Each tree and leaf and star show how
The universe is part of this one cry,
That every life is noted and cherished,
And nothing loved is ever lost or perished.
~Madeleline L'Engle Glimpses of Grace
And then I think I read Psalm 23 again.
I put in a sunflower and a rose on top of Cleo's body,
trying to make it a Cross.
Before I put Cleo in her pink towel shroud, I
placed between her soft feet,
the folded empty bag of treats she had just finished,
the stub of a big thick beeswax monk-made blessed candle that was burning all
day for her today and a toy (a stick with fabric that she loved to catch when
she was well, years ago and that stayed in her Cleo Care bag for cat sitters).
Our friend covered her with dirt, I added a little too
and the our friend cleaned off a slate stone to cover the ground and then
a heavy rock underneath so no animals could disturb her grave.
Then we put 2 more roses and a beautiful sunflower on her grave,
again in the form of a Cross.
Before she died, I blessed Cleo with the Cross.
Before I put her body in the shroud I blessed it with Holy Water 3 times.
She had drank Holy Water too, in her water as I put it in the last 24 hours.

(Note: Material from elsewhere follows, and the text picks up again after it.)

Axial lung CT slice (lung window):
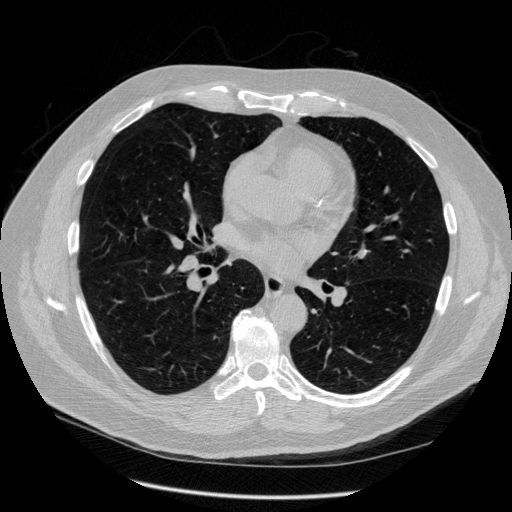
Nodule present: no

Our priest blesses animals (cats) during house blessings so I felt this was a good thing to do.
After the little sweet funeral and burial,
we stayed with our friend, toasted Cleo with lovely sweet wine and talked quietly for a while
about various topics and then Mr Husband and I went home,
he carrying my bag and I Cleo's carrier, empty other than the last pee pad.
I washed all the pee pads already, we did family evening prayers,
I cried a lot more, asking God, the Mother of God and St John (of Shanghai and SF)

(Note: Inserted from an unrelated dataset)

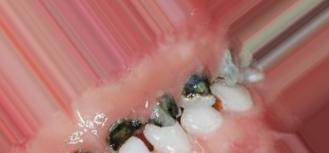
Condition: Caries

to take care of Cleo, since time is not an issue so they would have time to do that
and take care of everyone else since they are outside of time.
I talked to my parents and to my quilting-friend who understood my loss,
as her lovely cat pal Lily had died a few years before, when she was living in NJ.

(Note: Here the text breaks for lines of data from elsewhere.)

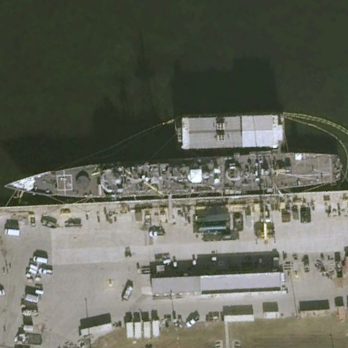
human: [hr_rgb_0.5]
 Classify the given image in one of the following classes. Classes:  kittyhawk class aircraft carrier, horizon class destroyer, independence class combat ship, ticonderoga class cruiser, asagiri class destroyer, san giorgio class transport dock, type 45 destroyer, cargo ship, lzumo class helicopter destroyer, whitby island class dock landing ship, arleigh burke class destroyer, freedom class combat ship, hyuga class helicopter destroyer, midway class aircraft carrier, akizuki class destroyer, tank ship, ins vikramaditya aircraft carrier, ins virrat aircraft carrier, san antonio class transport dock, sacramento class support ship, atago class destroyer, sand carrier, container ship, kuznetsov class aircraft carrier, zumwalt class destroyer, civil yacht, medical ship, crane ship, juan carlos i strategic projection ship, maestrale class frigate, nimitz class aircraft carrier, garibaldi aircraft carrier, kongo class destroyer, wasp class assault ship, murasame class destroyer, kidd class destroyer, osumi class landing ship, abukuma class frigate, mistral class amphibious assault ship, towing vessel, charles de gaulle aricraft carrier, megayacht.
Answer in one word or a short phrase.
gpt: Ticonderoga class cruiser
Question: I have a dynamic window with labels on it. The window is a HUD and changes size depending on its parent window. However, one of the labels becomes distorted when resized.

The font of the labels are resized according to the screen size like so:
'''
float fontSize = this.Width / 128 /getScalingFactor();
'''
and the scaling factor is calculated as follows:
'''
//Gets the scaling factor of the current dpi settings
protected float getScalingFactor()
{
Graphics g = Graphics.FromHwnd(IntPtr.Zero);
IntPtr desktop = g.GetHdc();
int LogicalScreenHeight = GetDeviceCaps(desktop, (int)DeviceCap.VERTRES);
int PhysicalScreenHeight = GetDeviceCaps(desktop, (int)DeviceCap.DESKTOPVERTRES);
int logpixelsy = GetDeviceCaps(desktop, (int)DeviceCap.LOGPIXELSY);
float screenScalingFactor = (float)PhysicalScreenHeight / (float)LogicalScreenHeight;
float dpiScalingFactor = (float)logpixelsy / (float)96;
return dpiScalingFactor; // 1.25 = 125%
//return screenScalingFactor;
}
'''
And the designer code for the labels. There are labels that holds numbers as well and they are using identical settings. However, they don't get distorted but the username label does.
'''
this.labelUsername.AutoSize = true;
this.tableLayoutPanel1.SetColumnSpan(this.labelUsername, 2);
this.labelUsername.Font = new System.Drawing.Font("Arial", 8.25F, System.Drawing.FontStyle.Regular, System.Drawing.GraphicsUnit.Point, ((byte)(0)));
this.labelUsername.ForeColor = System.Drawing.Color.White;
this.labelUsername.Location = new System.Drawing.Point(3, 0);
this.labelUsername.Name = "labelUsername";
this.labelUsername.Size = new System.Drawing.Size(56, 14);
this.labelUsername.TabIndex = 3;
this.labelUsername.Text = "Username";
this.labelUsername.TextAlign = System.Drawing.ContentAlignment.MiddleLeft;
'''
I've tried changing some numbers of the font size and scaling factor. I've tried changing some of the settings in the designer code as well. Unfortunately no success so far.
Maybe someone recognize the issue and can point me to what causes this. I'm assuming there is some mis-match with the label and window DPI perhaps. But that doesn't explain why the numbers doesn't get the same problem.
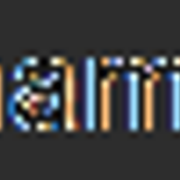
Answer: First a clarification. I'm building on a open source project which I'm not 100% familiar with.
So after poking around some more I realized that there is another function which also controls the HUD colors. Unless I added a forecolor to my label there as well, I got that distorted looking text.
I'm assuming that this method is called everytime the window is resizing and when my label wasn't updated with a color there, it got a transparent color. However, because the forecolor had been set at startup it showed as a border around the transparent text because it wasn't resized.

I can't believe I won't be seeing Cleo here at home now,
not hearing her eat her dry dibble or drink her water or
demand ice cream and milk
or anything else.
I know it was time for Cleo and I am so glad that I was able to be with her
when she died and that I could give her my favourite towel that
I have had longer perhaps than Cleo, that was from my parents house, so it was a
very loved towel... and I felt that I did everything I could do for our dear
Cleo Cat who will remain
Cleo the Cutest Cat of all of Canada and the World.
***
When I was going to my Ukrainian Mother's house in Ottawa,
she would always say,
I am waiting for you.
***
Cleo, I love you.
Cleo, I am waiting for you
***
"Cleo, Cleo, how I love you, Cleo Cleo yes, I do, I love you, Cleo, I love you"
8 comments:
And we love you too, Cleo... yes we do! God BLESS you all...So much LOVE flying your way, Elizabeth ((LOVE & HUGS))
Sitting here sobbing as I type this.
Sleep well, darling Cleo.
So much love and so many hugs and prayers for you and Mr Husband xxxx
You loved her to the end, and your love was her last experience in this world. No one could have done more.
Always remember what a beautiful life you gave her, right to the very end.
How beautiful! Thank you for sharing Cleo's last day with us and for all the photos. A special thank you to Mr. Husband for being so supportive and loving.
It's a piercing story filled with the great grace of the love we have for each other, the love we have for creation , because of our Father's love for us. Down to the last hair on our heads, which He has numbered, down to the last tiny sparrow, which He watches, down to your beloved Cleo, who is now in His care. The Father's teach that the work of the cross restored not only us, but ALL of creation. God bless you and comfort you.
The ending of her life was blessed in so many ways by your love and care. It is inspiring and heartwarming to read about. May God comfort you, Dear Elizabeth!
This was all very touching to read, Elizabeth. I cried with you as I read. I hope you can take comfort in knowing you loved your sweet Cleo well.